# [Given records]

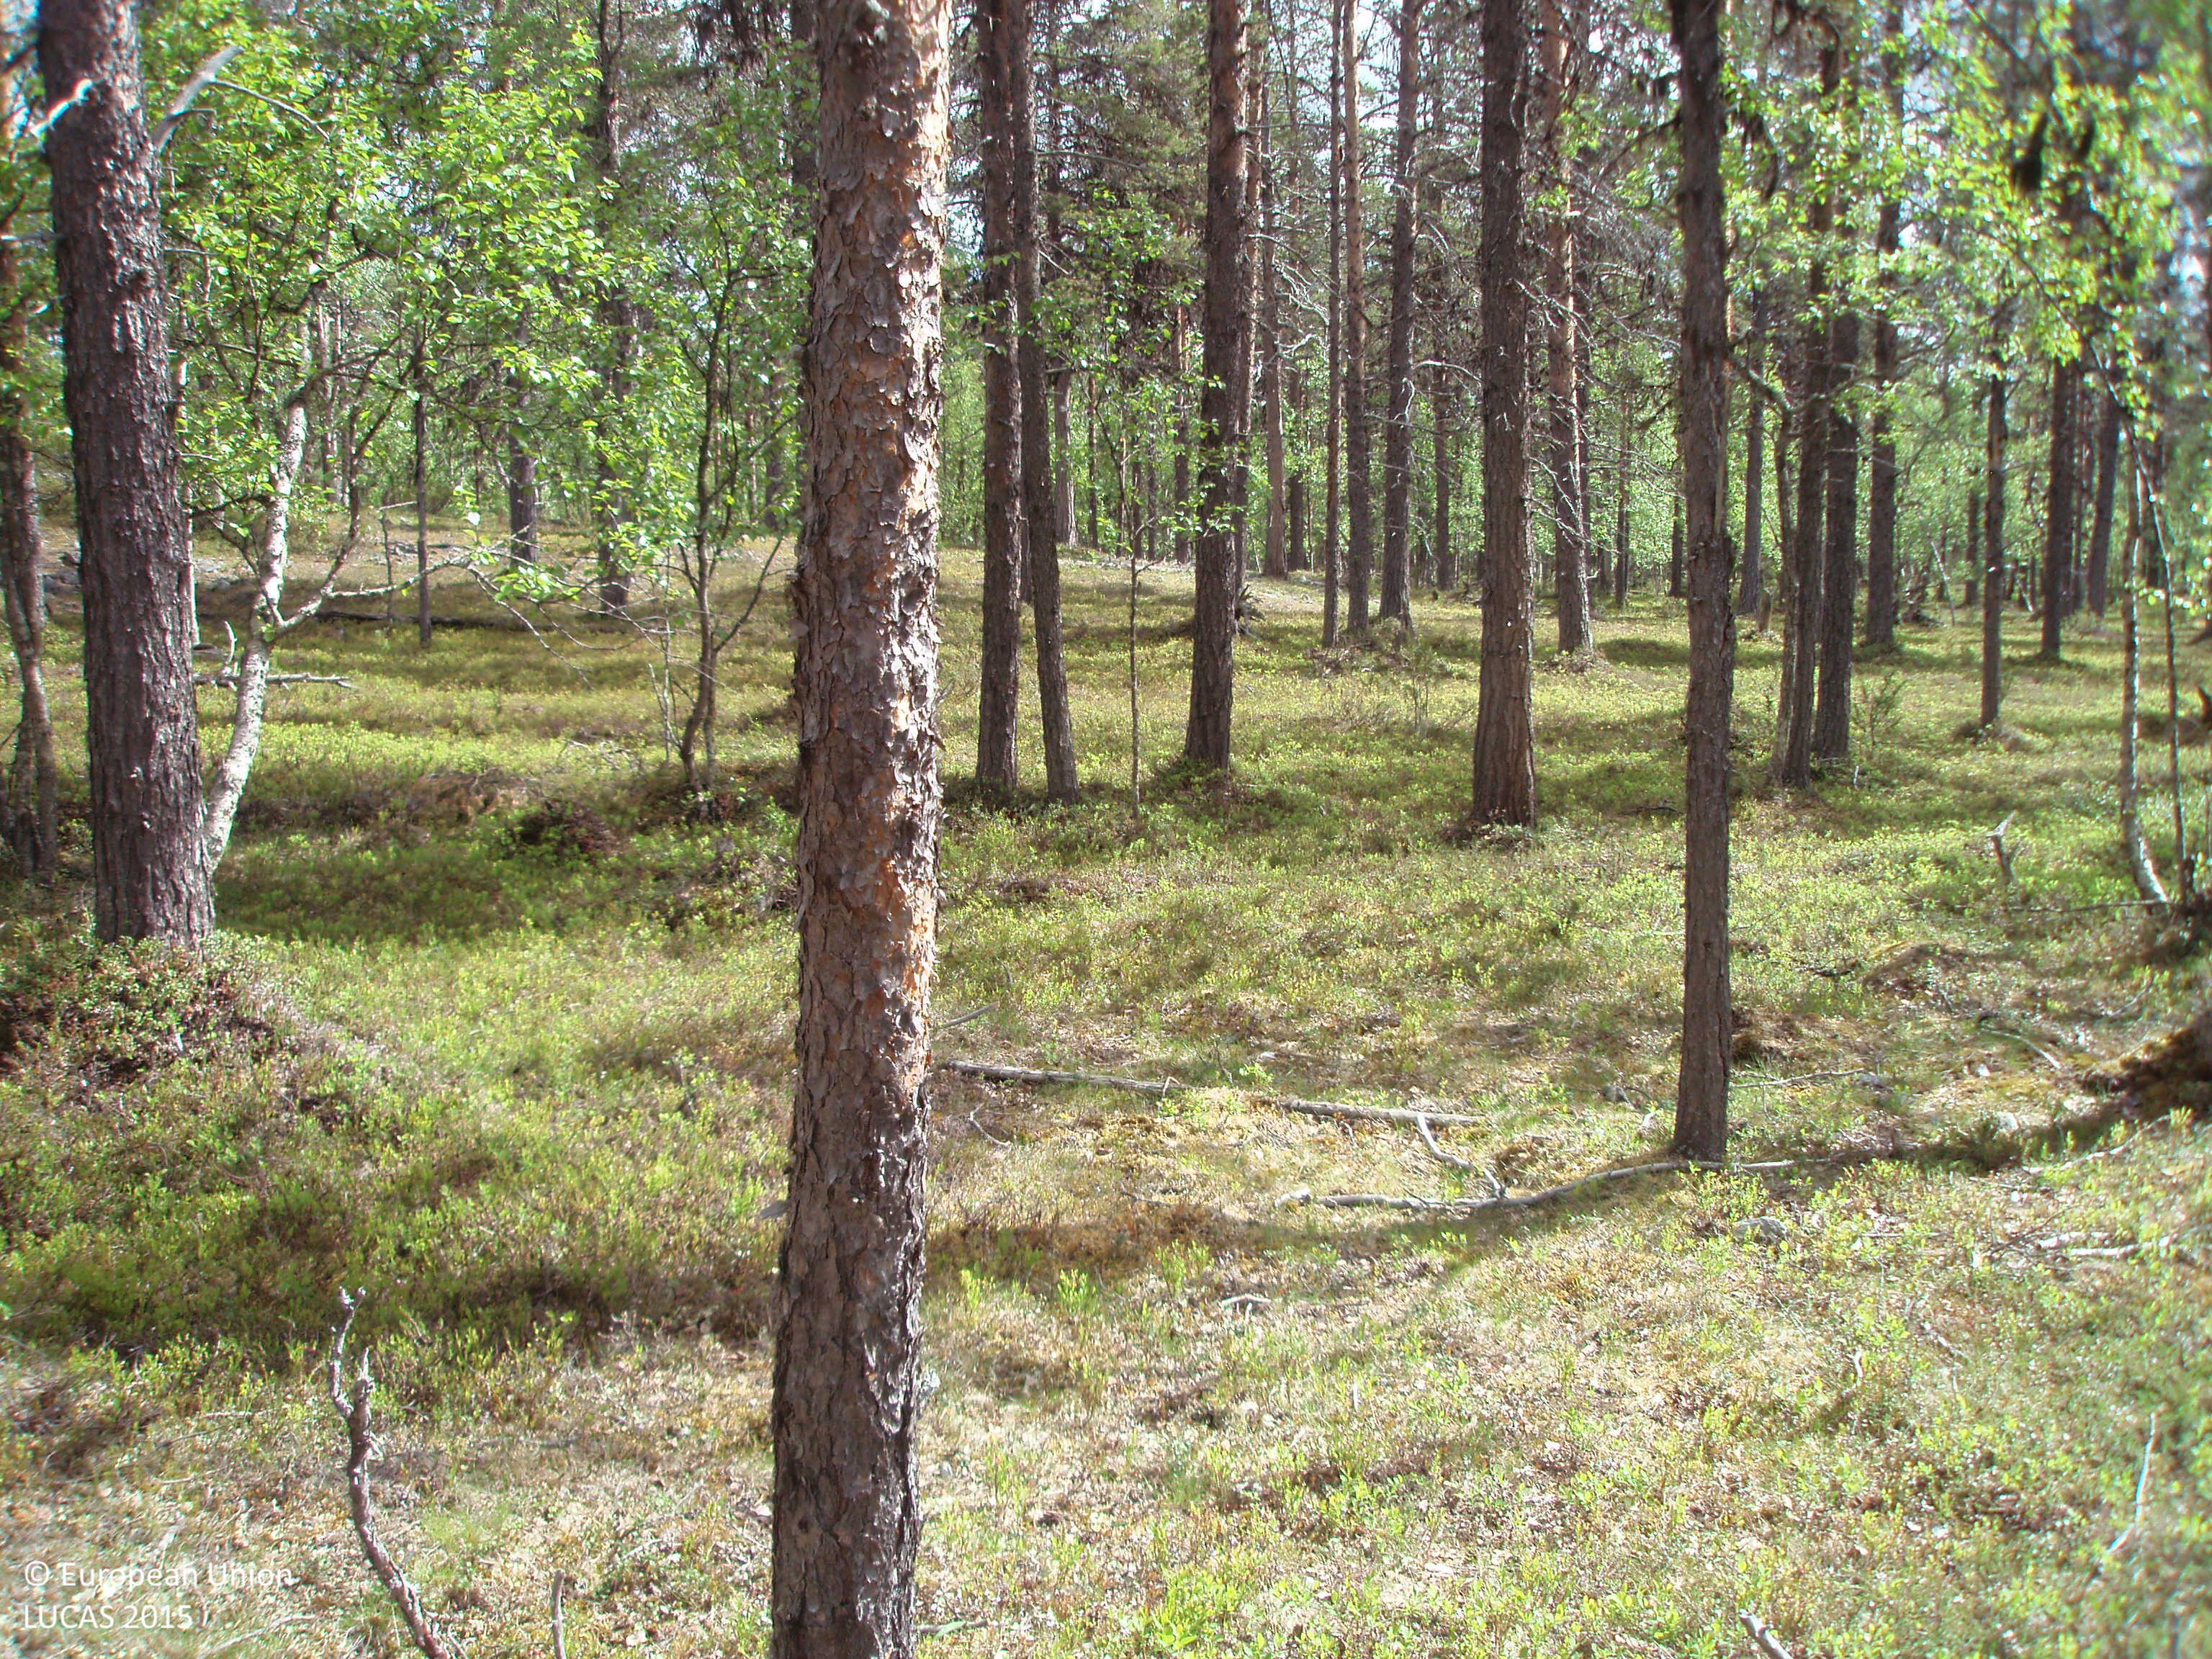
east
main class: Woodland
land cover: Pine dominated coniferous woodland
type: boreal forest
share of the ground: > 75 %
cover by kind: coniferous forest trees 70 %, shrubs 20 %, broadleaved forest trees 10 %
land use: Forestry
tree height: > 5 m
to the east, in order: Pine dominated coniferous woodland; Pine dominated mixed woodland; Rivers and streams; Pine dominated mixed woodland; Shruby margins; Ditches and canals; Shruby margins; Paved roads, cycling and walking lanes
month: June
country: FI
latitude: 68.4322
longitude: 25.9115

# [What is required]
Write the material out again word for word and omit any images.

# [Solution for this task]
east
main class: Woodland
land cover: Pine dominated coniferous woodland
type: boreal forest
share of the ground: > 75 %
cover by kind: coniferous forest trees 70 %, shrubs 20 %, broadleaved forest trees 10 %
land use: Forestry
tree height: > 5 m
to the east, in order: Pine dominated coniferous woodland; Pine dominated mixed woodland; Rivers and streams; Pine dominated mixed woodland; Shruby margins; Ditches and canals; Shruby margins; Paved roads, cycling and walking lanes
month: June
country: FI
latitude: 68.4322
longitude: 25.9115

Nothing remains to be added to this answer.